POCT-Aufgaben sind vielfältigster Herkunft, das reicht vomRettungsfahrzeug oder Hubschrauber bei Verkehrsunfällen, geht über diverse Medizinische Fachabteilungen im Krankenhaus, ggf. Satellitenabteilungen des Labors, bis zu OP-Stationen und der Selbstmessung durch die Patienten. Die „Hauptlast“ liegt aber wohl nach wie vor im Labor. Ist das Labor mit dieser Fülle an zusätzlichen Aufgaben eigentlich überfordert?

Vorerst eine Abgrenzung: Selbstmessung ist per definitionem nicht POCT, wie in der ISO 22870 ausdrücklich festgehalten. Den zusätzlichen Personalaufwand habe ich bereits erwähnt, „nebenbei“ geht es nicht, wenn alle Aspekte, vor allem Schulungen, in ausreichendem und vorgesehenem Maß berücksichtigt werden müssen. Fachlich stellt POCT an das Laborpersonal keine ungewöhnlichen Anforderungen, bietet aber die oftmals sehr positiv wahrgenommene Möglichkeit des engeren und persönlichen Kontaktes zwischen Labor und Stationen.

Es genügt nicht, sich lediglich an die vorgegebenen Richtlinien der ISO-Normen zu halten. Qualitätsanforderungen, sprich z.B. Ringversuche, sind u.a. erforderlich und vorgeschrieben. Wie wird das in Ihrem Labor gehandhabt? Vor allem: Wie sieht hier die Ebene der international angeschlossenen Laboratorien aus?

Neben zugekauften Ringversuchen (Blutgase) haben wir auch selbsterstellte Kontrollen und RVs in Verwendung. Manche Systeme zur Anbindung von – beispielsweise – Glucosemeßgeräten unterstützen Kontrollmessungen auf unterschiedlichen Leveln.

Sie haben gerade die Aufgabe, drei unterschiedliche Laborstandorte zusammen zu führen. Erschwert oder erleichtert dies die Aufgabe im Hinblick auf das Thema POCT?
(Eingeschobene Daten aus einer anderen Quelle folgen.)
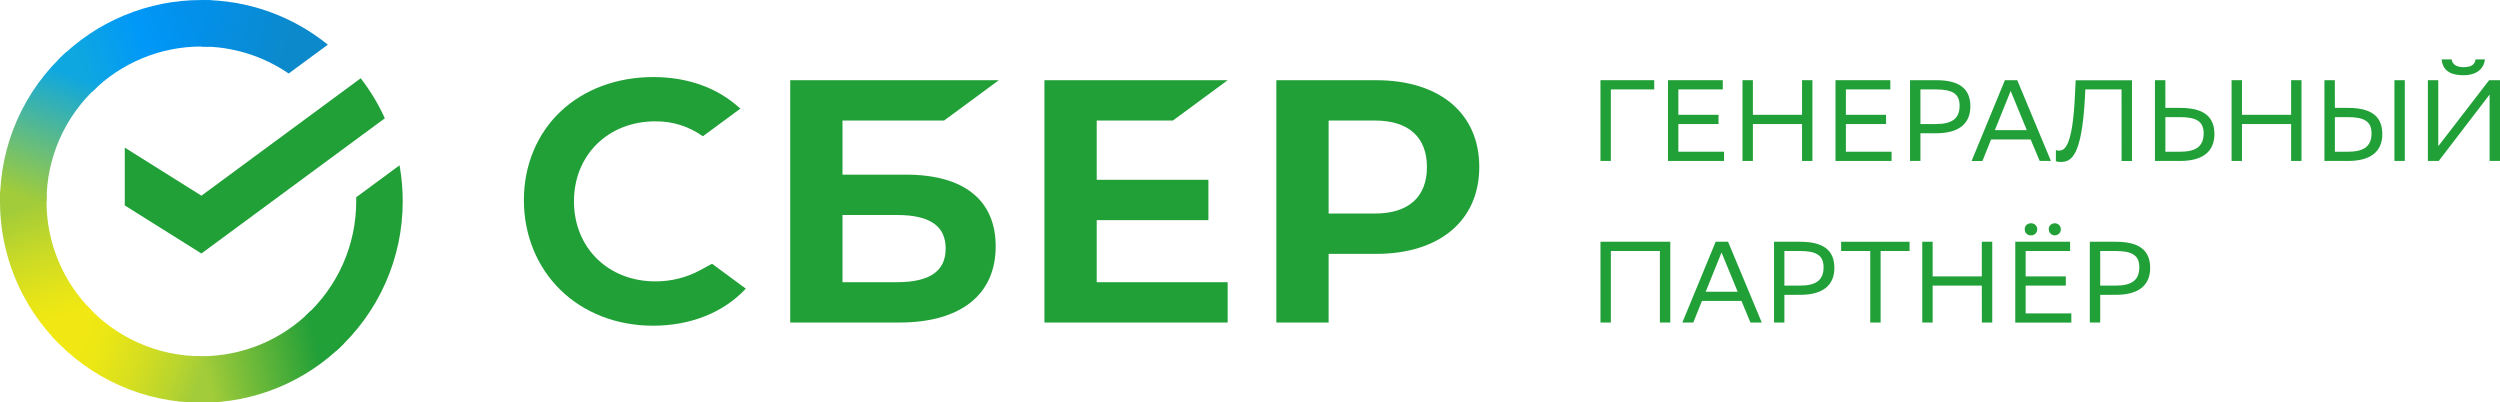 <?xml version="1.0" encoding="UTF-8"?> <svg xmlns="http://www.w3.org/2000/svg" width="1200" height="193" viewBox="0 0 1200 193" fill="none"> <g clip-path="url(#clip0)"> <path d="M794.029 42.921H773.209V77.258H768.223V38.488H794.029V42.921Z" fill="#21A038"></path> <path d="M824.887 59.536H805.616V72.826H827.543V77.258H800.629V38.488H826.936V42.921H805.616V55.103H824.887V59.536Z" fill="#21A038"></path> <path d="M864.983 59.536H841.385V77.258H836.406V38.488H841.385V55.103H864.983V38.488H869.962V77.258H864.983V59.536Z" fill="#21A038"></path> <path d="M905.301 59.536H886.03V72.826H907.957V77.258H881.043V38.488H907.35V42.921H886.03V55.103H905.301V59.536Z" fill="#21A038"></path> <path d="M921.811 63.968V77.258H916.816V38.488H929.386C940.239 38.488 945.78 42.367 945.78 51.065C945.78 59.589 939.966 63.968 929.386 63.968H921.811ZM921.811 42.921V59.536H929.226C936.596 59.536 940.611 57.213 940.611 50.731C940.611 44.917 937.067 42.921 929.09 42.921H921.811Z" fill="#21A038"></path> <path d="M968.276 38.488L984.443 77.258H979.054L974.697 66.928H955.722L951.57 77.281H946.363L962.356 38.488H968.276ZM957.528 62.473H972.868L965.118 43.642L957.528 62.473Z" fill="#21A038"></path> <path d="M1018.34 42.922H1000.95L1000.78 46.717C999.264 74.906 994.301 77.737 989.154 77.737C988.364 77.769 987.574 77.656 986.824 77.404V72.03C987.307 72.22 987.823 72.313 988.342 72.303C991.059 72.303 994.771 70.254 995.932 46.55L996.319 38.52H1023.35V77.29H1018.36L1018.34 42.922Z" fill="#21A038"></path> <path d="M1039.38 51.786H1046.53C1057.38 51.786 1062.92 55.657 1062.92 64.355C1062.92 72.887 1057.11 77.258 1046.53 77.258H1034.38V38.488H1039.37L1039.38 51.786ZM1039.38 56.211V72.826H1046.36C1053.73 72.826 1057.75 70.503 1057.75 64.021C1057.75 58.207 1054.2 56.211 1046.22 56.211H1039.38Z" fill="#21A038"></path> <path d="M1099.74 59.536H1076.15V77.258H1071.16V38.488H1076.15V55.103H1099.74V38.488H1104.72V77.258H1099.74V59.536Z" fill="#21A038"></path> <path d="M1120.75 51.786H1127.12C1137.97 51.786 1143.51 55.657 1143.51 64.355C1143.51 72.887 1137.7 77.258 1127.12 77.258H1115.73V38.488H1120.72L1120.75 51.786ZM1120.75 56.211V72.826H1126.95C1134.32 72.826 1138.33 70.503 1138.33 64.021C1138.33 58.207 1134.79 56.211 1126.81 56.211H1120.75ZM1149.32 38.488H1154.31V77.258H1149.32V38.488Z" fill="#21A038"></path> <path d="M1170.37 70.17L1194.79 38.489H1200V77.259H1195.01V45.381L1170.59 77.259H1165.38V38.489H1170.37V70.17ZM1192.75 28.523C1192.19 33.616 1187.98 36.114 1182.67 36.114C1177.9 36.114 1172.64 35.059 1171.98 28.523H1176.8C1177.12 30.687 1178.79 32.235 1182.55 32.235C1186.54 32.235 1187.98 30.717 1188.26 28.523H1192.75Z" fill="#21A038"></path> <path d="M796.746 120.478H773.217V154.815H768.23V116.045H801.741V154.815H796.754L796.746 120.478Z" fill="#21A038"></path> <path d="M829.478 116.045L845.652 154.815H840.225L835.906 144.455H816.931L812.78 154.815H807.52L823.527 116.045H829.478ZM818.738 140.03H834.085L826.335 121.199L818.738 140.03Z" fill="#21A038"></path> <path d="M856.503 141.525V154.815H851.539V116.045H864.108C874.962 116.045 880.503 119.923 880.503 128.614C880.503 137.145 874.689 141.517 864.108 141.517L856.503 141.525ZM856.503 120.478V137.092H863.926C871.296 137.092 875.311 134.762 875.311 128.288C875.311 122.466 871.767 120.478 863.789 120.478H856.503Z" fill="#21A038"></path> <path d="M916.596 120.478H902.699V154.815H897.712V120.478H883.754V116.045H916.596V120.478Z" fill="#21A038"></path> <path d="M951.264 137.092H927.674V154.815H922.688V116.045H927.674V132.66H951.264V116.045H956.281V154.815H951.295L951.264 137.092Z" fill="#21A038"></path> <path d="M967.336 116.044H993.643V120.477H972.315V132.659H991.593V137.092H972.315V150.42H994.235V154.852H967.32L967.336 116.044ZM974.979 107.156C975.75 107.156 976.489 107.463 977.034 108.008C977.579 108.553 977.886 109.292 977.886 110.063C977.886 110.834 977.579 111.574 977.034 112.119C976.489 112.664 975.75 112.97 974.979 112.97C974.576 113.008 974.169 112.96 973.787 112.828C973.404 112.696 973.054 112.484 972.76 112.206C972.466 111.928 972.235 111.59 972.082 111.215C971.929 110.84 971.858 110.437 971.874 110.033C971.874 108.348 973.096 107.156 974.979 107.156ZM986.493 107.156C987.062 107.192 987.608 107.394 988.063 107.736C988.519 108.079 988.864 108.548 989.055 109.085C989.247 109.622 989.277 110.203 989.142 110.757C989.007 111.311 988.712 111.813 988.294 112.201C987.876 112.589 987.354 112.845 986.792 112.94C986.23 113.034 985.652 112.961 985.131 112.73C984.61 112.5 984.168 112.121 983.859 111.642C983.551 111.162 983.39 110.603 983.396 110.033C983.396 108.348 984.611 107.156 986.493 107.156V107.156Z" fill="#21A038"></path> <path d="M1008.1 141.525V154.815H1003.11V116.045H1015.69C1026.54 116.045 1032.08 119.923 1032.08 128.614C1032.08 137.145 1026.27 141.517 1015.69 141.517L1008.1 141.525ZM1008.1 120.478V137.092H1015.49C1022.85 137.092 1026.87 134.762 1026.87 128.288C1026.87 122.466 1023.33 120.478 1015.35 120.478H1008.1Z" fill="#21A038"></path> <path d="M562.994 57.858L589.278 38.496H501.324V154.814H589.278V135.444H526.425V105.668H580.033V86.299H526.425V57.858H562.994Z" fill="#21A038"></path> <path d="M434.94 83.839H404.398V57.858H453.156L479.433 38.496H379.305V154.814H431.676C461.073 154.814 477.93 141.494 477.93 118.276C477.961 96.067 462.682 83.839 434.94 83.839ZM430.576 135.452H404.398V103.202H430.576C446.515 103.202 453.923 108.598 453.923 119.323C453.923 130.283 446.067 135.444 430.576 135.444V135.452Z" fill="#21A038"></path> <path d="M660.526 38.496H612.641V154.814H637.741V121.866H660.511C691.069 121.866 710.052 105.797 710.052 80.12C710.052 54.443 691.084 38.496 660.526 38.496ZM659.988 102.496H637.741V57.858H659.988C676.071 57.858 684.929 65.79 684.929 80.181C684.929 94.572 676.071 102.496 659.988 102.496V102.496Z" fill="#21A038"></path> <path d="M336.216 129.631C329.566 133.232 322.116 135.099 314.554 135.058C291.92 135.058 275.503 118.906 275.503 96.652C275.503 74.398 291.92 58.246 314.554 58.246C322.731 58.136 330.73 60.647 337.377 65.411L355.381 52.144L354.189 51.104C343.677 41.867 329.635 36.986 313.582 36.986C296.125 36.986 280.353 42.861 269.066 53.525C257.78 64.189 251.465 79.332 251.465 96.03C251.465 112.728 257.696 128.098 269.006 139.157C280.315 150.215 296.125 156.341 313.4 156.341C331.487 156.341 347.29 150.033 357.999 138.557L341.757 126.587L336.216 129.631Z" fill="#21A038"></path> <path d="M173.139 37.565C177.732 43.497 181.619 49.944 184.721 56.775L96.676 121.678L59.895 98.612V70.862L96.684 93.928L173.139 37.565Z" fill="#21A038"></path> <path d="M22.323 96.653C22.323 95.409 22.361 94.171 22.422 92.942L0.122 91.826C0.036 93.425 -0.005 95.034 0 96.653C-0.017 109.35 2.476 121.924 7.334 133.653C12.193 145.383 19.322 156.037 28.311 165.002L44.122 149.185C37.207 142.296 31.722 134.109 27.981 125.094C24.24 116.079 22.317 106.414 22.323 96.653V96.653Z" fill="url(#paint0_linear)"></path> <path d="M96.651 22.323C97.895 22.323 99.133 22.369 100.362 22.429L101.478 0.137C99.884 0.061 98.275 0.016 96.651 0.016C83.961 0.002 71.393 2.497 59.67 7.355C47.947 12.214 37.3 19.341 28.34 28.327L44.12 44.16C51.005 37.239 59.191 31.746 68.206 27.999C77.221 24.251 86.888 22.323 96.651 22.323V22.323Z" fill="url(#paint1_linear)"></path> <path d="M96.651 170.98C95.407 170.98 94.17 170.95 92.94 170.889L91.824 193.189C93.428 193.265 95.037 193.303 96.651 193.303C109.347 193.318 121.92 190.826 133.649 185.969C145.378 181.112 156.033 173.986 165 164.999L149.183 149.182C142.295 156.097 134.108 161.583 125.093 165.324C116.078 169.065 106.412 170.988 96.651 170.98V170.98Z" fill="url(#paint2_linear)"></path> <path d="M138.557 35.294L157.357 21.442C140.18 7.534 118.739 -0.038 96.637 0V0V22.323C111.601 22.305 126.218 26.828 138.557 35.294Z" fill="url(#paint3_linear)"></path> <path d="M193.304 96.651C193.317 90.846 192.809 85.052 191.786 79.338L170.982 94.67C170.982 95.33 170.982 95.991 170.982 96.651C170.985 107.037 168.808 117.308 164.59 126.799C160.372 136.291 154.208 144.79 146.496 151.747L161.494 168.324C171.522 159.273 179.537 148.216 185.017 135.868C190.497 123.521 193.32 110.16 193.304 96.651Z" fill="#21A038"></path> <path d="M96.654 170.982C86.269 170.985 75.999 168.808 66.509 164.59C57.019 160.372 48.521 154.207 41.565 146.496L24.98 161.494C34.031 171.523 45.089 179.537 57.436 185.017C69.784 190.497 83.145 193.32 96.654 193.304V170.982Z" fill="url(#paint4_linear)"></path> <path d="M46.808 41.563L31.81 24.979C21.782 34.029 13.768 45.087 8.288 57.434C2.808 69.782 -0.016 83.143 6.72973e-05 96.652H22.323C22.319 86.267 24.497 75.997 28.715 66.507C32.933 57.017 39.097 48.519 46.808 41.563V41.563Z" fill="url(#paint5_linear)"></path> </g> <defs> <linearGradient id="paint0_linear" x1="32.828" y1="162.209" x2="8.433" y2="91.682" gradientUnits="userSpaceOnUse"> <stop offset="0.14" stop-color="#F1E813"></stop> <stop offset="0.3" stop-color="#E6E418"></stop> <stop offset="0.58" stop-color="#C9DA26"></stop> <stop offset="0.89" stop-color="#A2CC39"></stop> </linearGradient> <linearGradient id="paint1_linear" x1="34.685" y1="32.258" x2="97.523" y2="8.319" gradientUnits="userSpaceOnUse"> <stop offset="0.06" stop-color="#0FA7DF"></stop> <stop offset="0.54" stop-color="#0098F8"></stop> <stop offset="0.92" stop-color="#0290EA"></stop> </linearGradient> <linearGradient id="paint2_linear" x1="90.352" y1="179.838" x2="161.41" y2="163.777" gradientUnits="userSpaceOnUse"> <stop offset="0.12" stop-color="#A2CC39"></stop> <stop offset="0.28" stop-color="#86C239"></stop> <stop offset="0.87" stop-color="#219F38"></stop> </linearGradient> <linearGradient id="paint3_linear" x1="91.976" y1="7.484" x2="152.735" y2="26.224" gradientUnits="userSpaceOnUse"> <stop offset="0.06" stop-color="#0290EA"></stop> <stop offset="0.79" stop-color="#0C89CA"></stop> </linearGradient> <linearGradient id="paint4_linear" x1="30.582" y1="158.784" x2="96.714" y2="183.49" gradientUnits="userSpaceOnUse"> <stop offset="0.13" stop-color="#F1E813"></stop> <stop offset="0.3" stop-color="#EAE616"></stop> <stop offset="0.53" stop-color="#D8DF1F"></stop> <stop offset="0.8" stop-color="#BAD52D"></stop> <stop offset="0.98" stop-color="#A2CC39"></stop> </linearGradient> <linearGradient id="paint5_linear" x1="8.311" y1="99.361" x2="34.861" y2="30.307" gradientUnits="userSpaceOnUse"> <stop offset="0.07" stop-color="#A2CC39"></stop> <stop offset="0.26" stop-color="#81C45E"></stop> <stop offset="0.92" stop-color="#0FA7DF"></stop> </linearGradient> <clipPath id="clip0"> <rect width="1200" height="193" fill="white"></rect> </clipPath> </defs> </svg>

In der angesprochenen Situation ist die Harmonisierung der POCT-Landschaft ein zusätzlicher Aufgabenbereich. Wie immer, wenn gewachsene Strukturen verändert werden, braucht es Pläne, Geduld und Überzeugungsarbeit um alle MitarbeiterInnen entsprechend ins Boot zu holen. Prozesse müssen angeglichen und auch neu gedacht werden. Im Endeffekt sind aber auch Synergien zu heben – die Mühe lohnt sich.

Vielen Dank für das aufschlussreiche Gespräch.


Profil:

Dr. Herbert Stekel ist Allgemeinarzt und Facharzt für medizinisch-chemische Labordiagnostik. Er ist Vorstand des Instituts für medizinische und chemische Labordiagnostik am Kepeler-Universitätsklinikum Linz. Seine Arbeits-Schwerpunkte sind Labororganisation, Laborökonomie, POCT, Präanalytik und Labor-EDV.